As I took a sip from my morning cup of Arabica coffee, I was taken back the the highlands of Colombia. I recall the fresh air, the green landscape and the incredible aroma of freshly roasted coffee beans.

One of the pleasures of travelling the world is discovering a country’s culture and history. Coffee and tea plantation tours offer a great way to see a place. Apart from enjoying the unique landscapes, you get a glimpse of the rural life and get to know more about where your favorite hot beverage comes from.

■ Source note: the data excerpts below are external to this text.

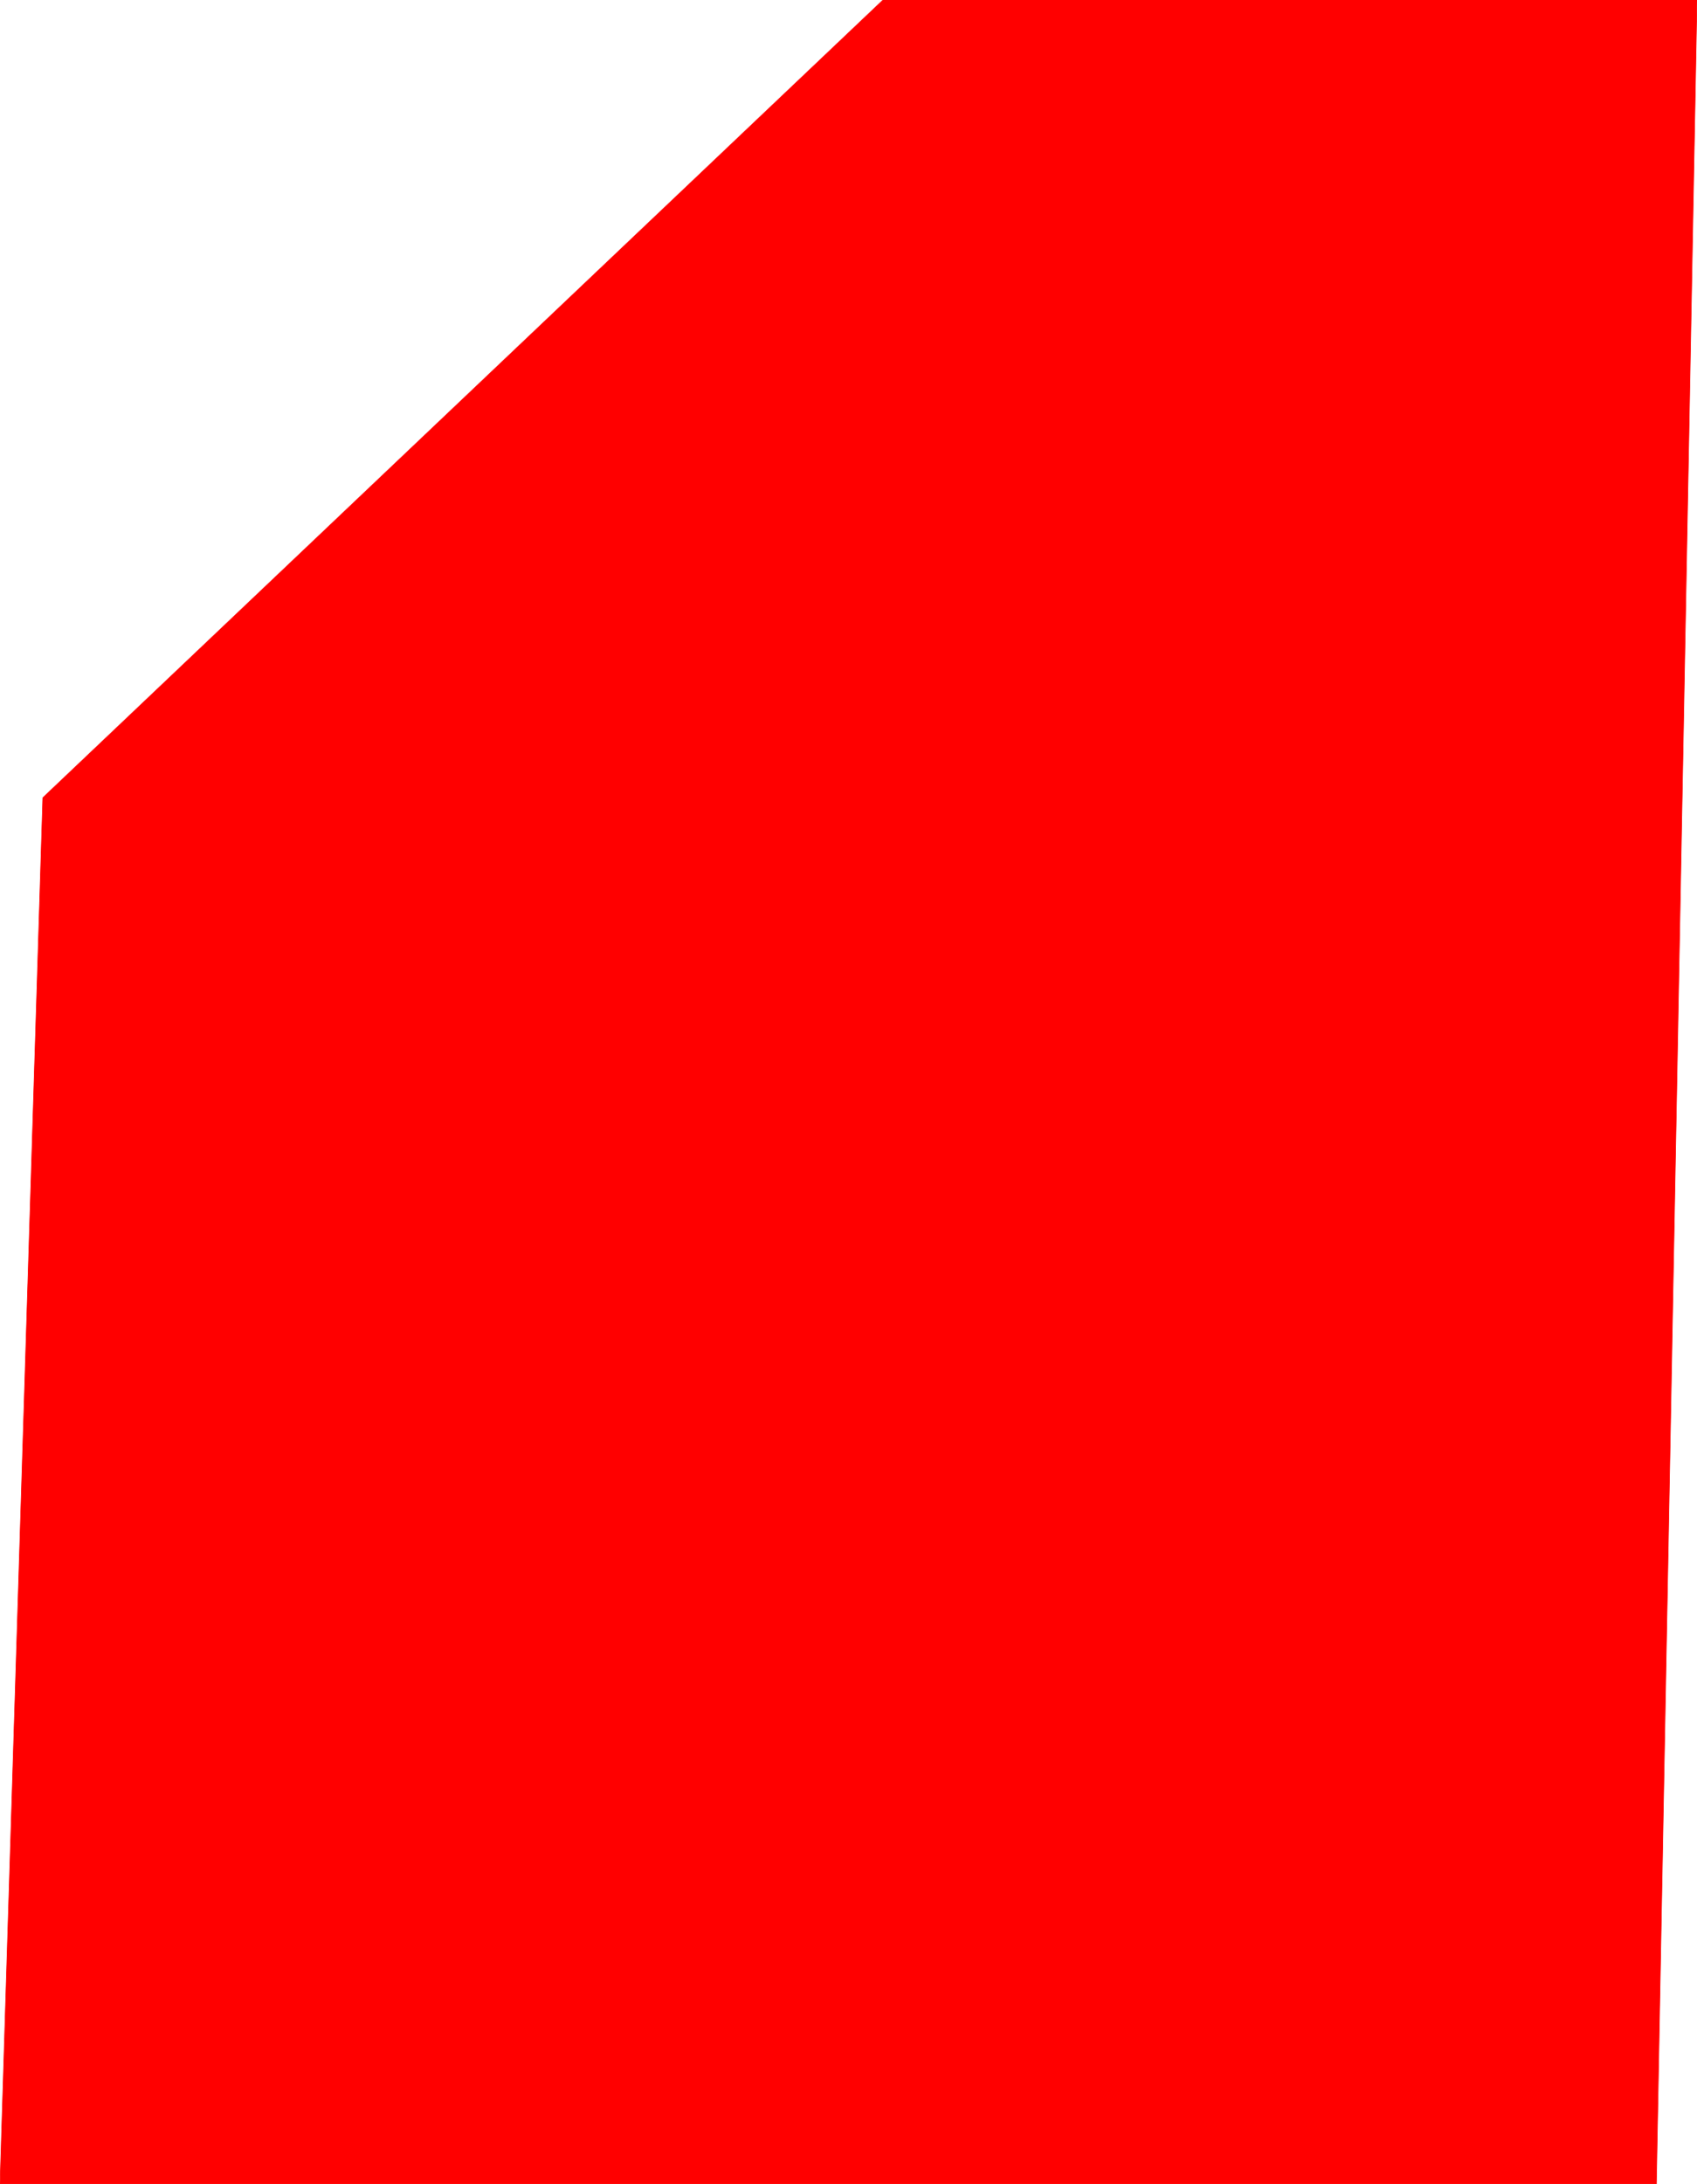 <?xml version="1.0" encoding="UTF-8" standalone="no"?>
<svg xmlns:xlink="http://www.w3.org/1999/xlink" height="196.3px" width="152.6px" xmlns="http://www.w3.org/2000/svg">
  <g transform="matrix(1.0, 0.0, 0.0, 1.0, -53.4, -2.4)">
    <path d="M132.8 2.4 L206.0 2.4 202.35 198.7 53.4 198.7 57.25 74.1 132.8 2.4" fill="#ff0000" fill-rule="evenodd" stroke="none"/>
    <path d="M132.8 2.4 L206.0 2.4 202.35 198.7 53.4 198.7 57.25 74.1 132.8 2.4 Z" fill="none" stroke="#ff0000" stroke-linecap="round" stroke-linejoin="round" stroke-width="0.05"/>
  </g>
</svg>

Here are some of the world’s best coffee and and tea plantation tours, as told by travel bloggers:

Wonosari Tea Plantation in Malang, East Java, Indonesia

For tea lovers like us, a visit to a tea plantation is always a treat, especially when the trip takes us off the beaten path. Our visit to the Wonosari Tea Plantation, Malang in East Java was one of those experiences. Located on the slopes of Mount Arjuna about 30 km from the city of Malang, the Wonosari Tea Plantation is a destination in and of itself with accommodation options and other facilities available on site. The tea plantation tour takes visitors through the tea grounds, the sorting room, and the processing plant and ends with a tea tasting session of the finest teas from the region. We walked away with a new love for Jasmine Green Tea!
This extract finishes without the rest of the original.